Жан Расин и другие (Гинзбург) - страница 57

Впрочем, в салоне маркизы больше развлекались, чем философствовали. И литературная продукция, там рождавшаяся, оставалась скорее прикладной, «на случай», больше заботилась о приятности для слуха и глаза, чем о глубоких мыслях и больших страстях. Появлялась и исчезала мода на всякие кратковечные игровые жанры: то на рифмованные загадки, то на послания, обращенные друг к другу как бы от лица других людей или вымышленных персонажей, то на «метаморфозы» (описания того, как одна красавица обратилась, скажем, в розу, другая – в жемчужину), Вуатюр и его собратья состязаются и в старых, испытанных формах французского стиха – балладах, сонетах, рондо. Все это, конечно, и есть то, что мы привыкли называть «салонной поэзией». Но унижать «легкое» во имя «серьезного» в поэзии, очевидно, столь же неразумно, как и в музыке. Тем более что и «серьезной» поэзии в последующие века всякие стихотворения на случай и записи в альбомах, как мы знаем, дали немало. А в своем роде стихи самого Вуатюра замечательны, действительно легки, изящны, изобретательны – что, разумеется, не всегда удается его бесчисленным подражателям.
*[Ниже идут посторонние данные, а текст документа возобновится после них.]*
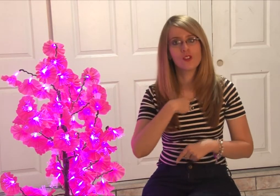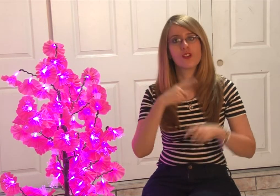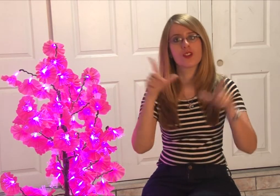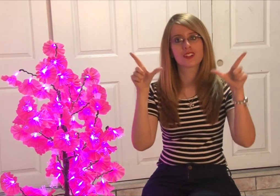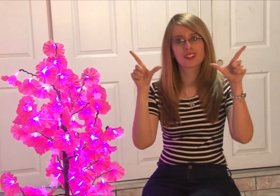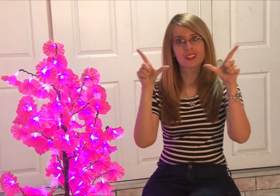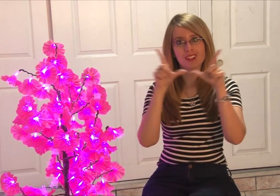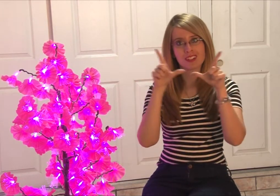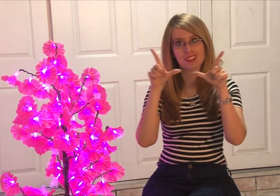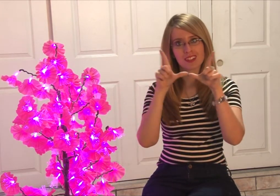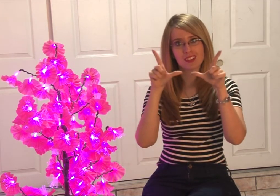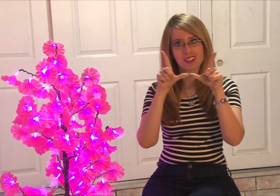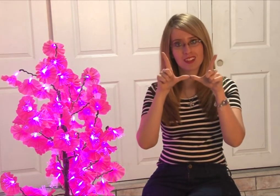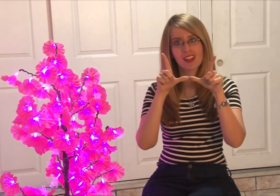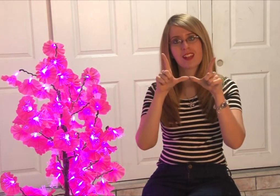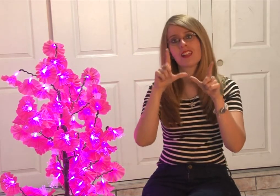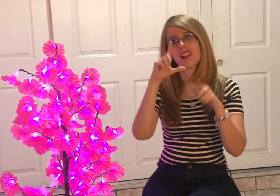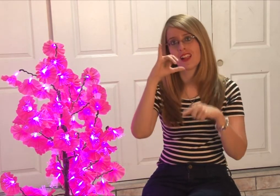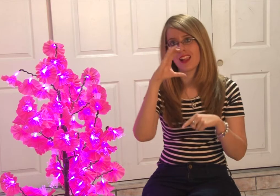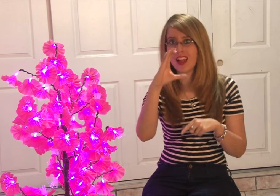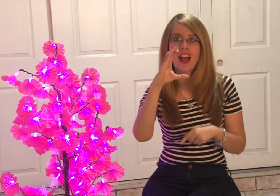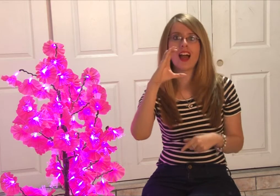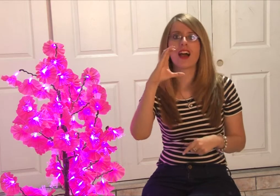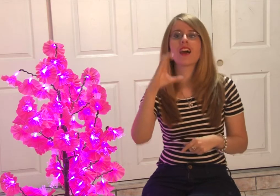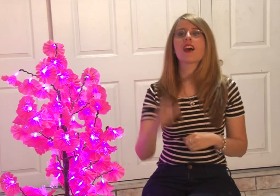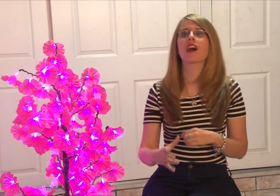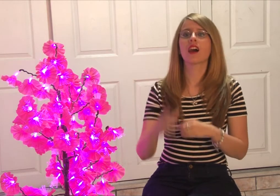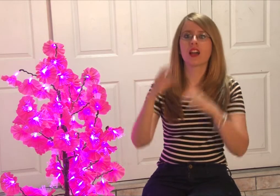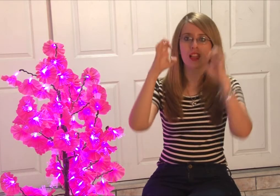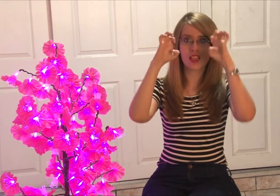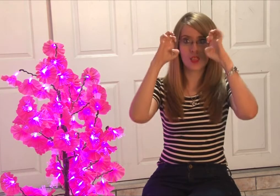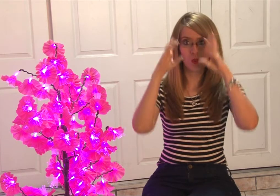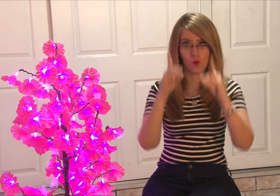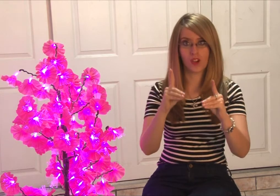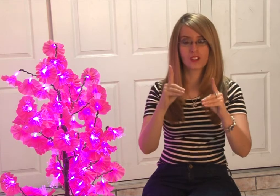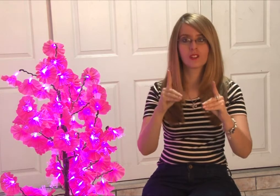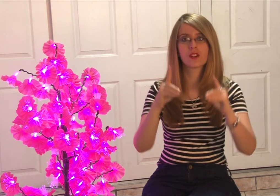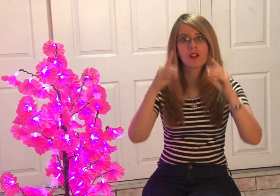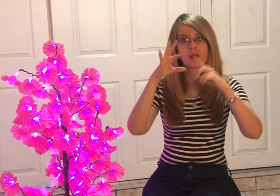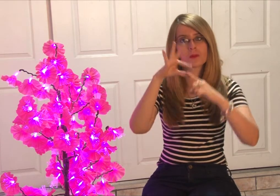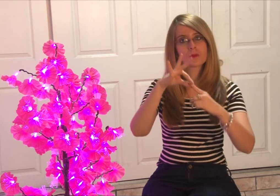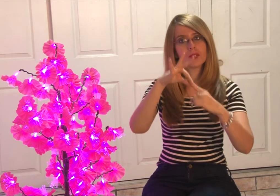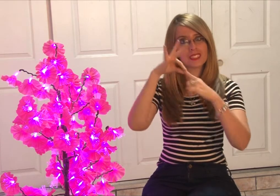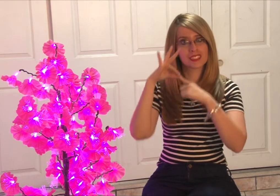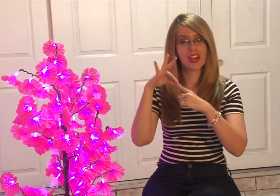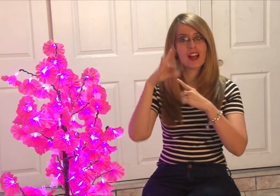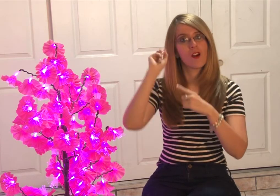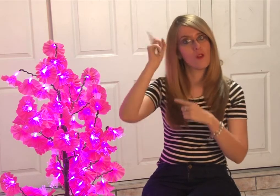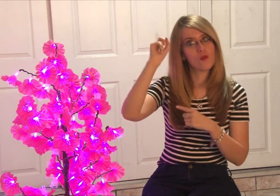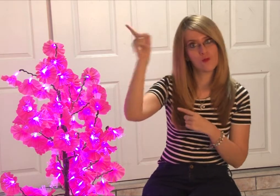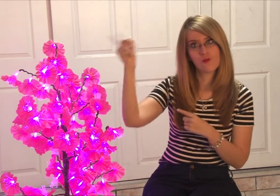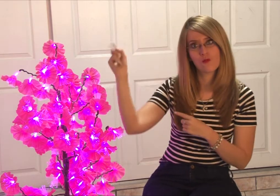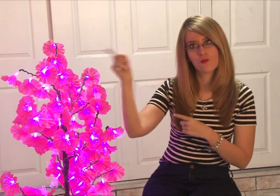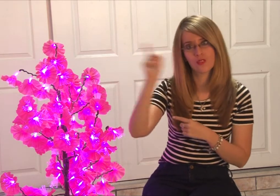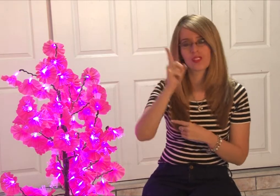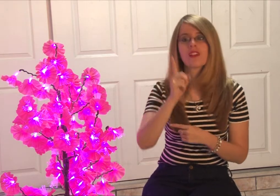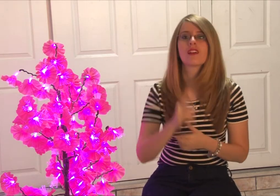Yo soy licenciada en Ciencias de la Educación, especialidad en

И кстати, сюжеты его стихотворных забав далеко не всегда сводятся к томным вздохам и обожанию издали, порой они весьма нескромны, как, скажем, стансы о красавице, у которой ненароком задралась юбка. Да и нравы у иных гостей маркизы де Рамбуйе достаточно вольные. Близкая ее молодая приятельница – Анна де Бурбон, принцесса из дома Конде, будущая герцогиня де Лонгвиль, одна из главных героинь Фронды. К старости она сблизится с Пор-Роялем и окончит жизнь в покаянных молитвах. Но в расцвете лет она давала повод для упорных слухов о кровосмесительной связи с родным братом, принцем де Конти, а отцом ее сына, родившегося благодаря перипетиям Фронды прямо в парижской ратуше, был, по всей вероятности, герцог де Ларошфуко…

К началу пятидесятых годов «голубая гостиная» стала пустеть. Дочери хозяйки вышли замуж, сын был убит, многих друзей разметала Фронда, сама маркиза состарилась. Прециозные салоны отныне множились, не имея больше признанного центра, и помещались они теперь не в герцогских особняках, а в домах просвещенных буржуазок. Прециозность, которая в Отеле Рамбуйе представляла собой просто изысканный стиль светского времяпрепровождения, сплавлявший воедино литературные игры с играми сентиментальными, как бы распадается на два течения. Одно представляют, так сказать, идеологи и теоретики прециозности, собирающиеся по субботам в квартале Маре у Мадлены де Скюдери. Мадемуазель де Скюдери – девица незнатного происхождения, невеликого достатка и, увы, самой невзрачной наружности; к тому же ее тиранит старший брат Жорж, литератор плодовитый, тщеславный и задиристый, но незадачливый. Жорж ввел ее в «голубую гостиную», и впоследствии Мадлена принимала у себя кое-кого из бывших ее завсегдатаев, но по большей части литераторов-буржуа, а не кавалеров-аристократов; а из дам у нее появлялись, в основном, соседки-буржуазки. Тем не менее именно Мадлена оказалась признанной вдохновительницей и наставницей приверженцев прециозности, на протяжении нескольких десятилетий утверждала и распространяла моду на нее не только во Франции, но и по всей Европе, и не только в столичных аристократических салонах, но и в гостиных провинциальных «львиц». Именно она написала (хотя на авторство притязал Жорж) и в пятидесятые годы издала два многотомных романа, ставших учебниками прециозной галантности – и правил обхождения, и образа мыслей: «Великого Кира» и «Клелию».